*** Opening of INPUT DATA ***

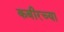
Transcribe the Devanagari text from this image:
कबीरच्या
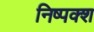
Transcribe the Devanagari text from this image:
निष्पक्श
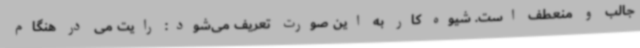
جالب و منعطف است. شیوه کار به این صورت تعریف می‌شود: رایت می در هنگام
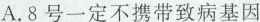
A.8号一定不携带致病基因
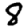
Digit: 8
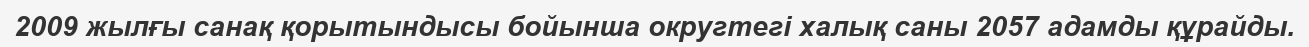
2009 жылғы санақ қорытындысы бойынша округтегі халық саны 2057 адамды құрайды.
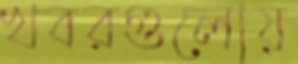
খবরগুলোয়
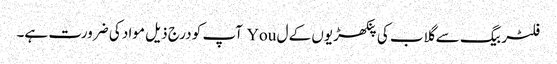
فلٹر بیگ سے گلاب کی پنکھڑیوں کے ل You آپ کو درج ذیل مواد کی ضرورت ہے۔
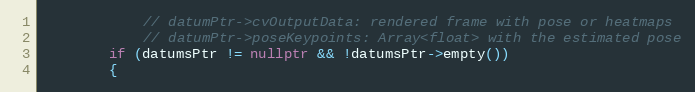
Language: C++
            // datumPtr->cvOutputData: rendered frame with pose or heatmaps
            // datumPtr->poseKeypoints: Array<float> with the estimated pose
        if (datumsPtr != nullptr && !datumsPtr->empty())
        {
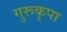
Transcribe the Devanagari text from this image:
गुरूकृपा
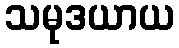
သမုဒယာယ
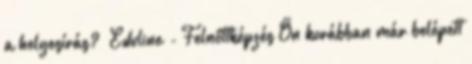
a helyesírás? »Eduline - Felnőttképzés Ön korábban már belépett
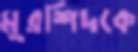
মুরশিদকে
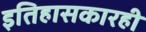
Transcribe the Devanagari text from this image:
इतिहासकारही
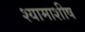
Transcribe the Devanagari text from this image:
श्यामाशीष
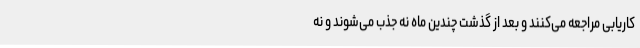
کاریابی مراجعه می‌کنند و بعد از گذشت چندین ماه نه جذب می‌شوند و نه
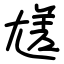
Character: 㞉
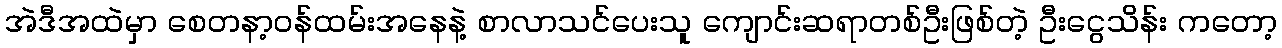
အဲဒီအထဲမှာ စေတနာ့ဝန်ထမ်းအနေနဲ့ စာလာသင်ပေးသူ ကျောင်းဆရာတစ်ဦးဖြစ်တဲ့ ဦးငွေသိန်း ကတော့
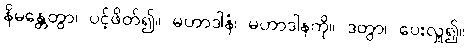
နိမန္တေတွာ၊ ပင့်ဖိတ်၍။ မဟာဒါနံ၊ မဟာဒါနကို။ ဒတွာ၊ ပေးလှူ၍။
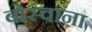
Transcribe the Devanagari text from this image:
बोस्वाना
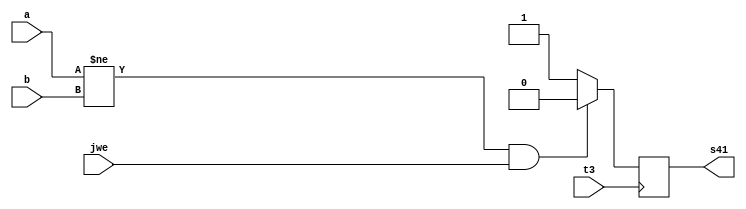
`timescale 1ns / 1ps

module jcond(
    input t3,
    input jwe,
    input [31:0] a,
    input [31:0] b,
    output  reg s41
    );
	always @ (posedge t3)
	begin
        if (a!=b & jwe)
            s41=0;
        else
            s41=1;
    end
endmodule
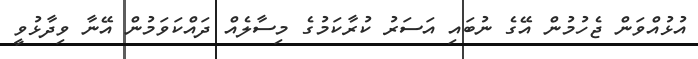
އުޅުއްވަން ޖެހުމުން އޭގެ ނުބައި އަސަރު ކުރާކަމުގެ މިސާލެއް ދައްކަވަމުން އޭނާ ވިދާޅުވީ
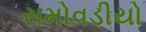
સમોવડીયો
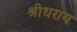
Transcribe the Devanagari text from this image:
श्रीधराय
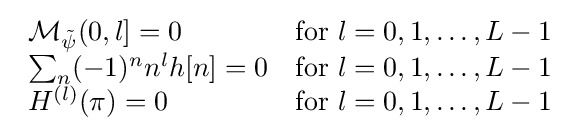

*** Close of INPUT DATA ***

→ **PROBLEM TO SOLVE**
Return every record exactly, minus the pictures.

→ **THE ANSWER**
Transcribe the Devanagari text from this image:
कबीरच्या
Transcribe the Devanagari text from this image:
निष्पक्श
جالب و منعطف است. شیوه کار به این صورت تعریف می‌شود: رایت می در هنگام
A.8号一定不携带致病基因
Digit: 8
2009 жылғы санақ қорытындысы бойынша округтегі халық саны 2057 адамды құрайды.
খবরগুলোয়
فلٹر بیگ سے گلاب کی پنکھڑیوں کے ل You آپ کو درج ذیل مواد کی ضرورت ہے۔
Language: C++
            // datumPtr->cvOutputData: rendered frame with pose or heatmaps
            // datumPtr->poseKeypoints: Array<float> with the estimated pose
        if (datumsPtr != nullptr && !datumsPtr->empty())
        {
Transcribe the Devanagari text from this image:
गुरूकृपा
သမုဒယာယ
a helyesírás? »Eduline - Felnőttképzés Ön korábban már belépett
মুরশিদকে
Transcribe the Devanagari text from this image:
इतिहासकारही
Transcribe the Devanagari text from this image:
श्यामाशीष
کاریابی مراجعه می‌کنند و بعد از گذشت چندین ماه نه جذب می‌شوند و نه
Character: 㞉
အဲဒီအထဲမှာ စေတနာ့ဝန်ထမ်းအနေနဲ့ စာလာသင်ပေးသူ ကျောင်းဆရာတစ်ဦးဖြစ်တဲ့ ဦးငွေသိန်း ကတော့
နိမန္တေတွာ၊ ပင့်ဖိတ်၍။ မဟာဒါနံ၊ မဟာဒါနကို။ ဒတွာ၊ ပေးလှူ၍။
Transcribe the Devanagari text from this image:
बोस्वाना
`timescale 1ns / 1ps

module jcond(
    input t3,
    input jwe,
    input [31:0] a,
    input [31:0] b,
    output  reg s41
    );
	always @ (posedge t3)
	begin
        if (a!=b & jwe)
            s41=0;
        else
            s41=1;
    end
endmodule
އުޅުއްވަން ޖެހުމުން އޭގެ ނުބައި އަސަރު ކުރާކަމުގެ މިސާލެއް ދައްކަވަމުން އޭނާ ވިދާޅުވީ
સમોવડીયો
Transcribe the Devanagari text from this image:
श्रीधराय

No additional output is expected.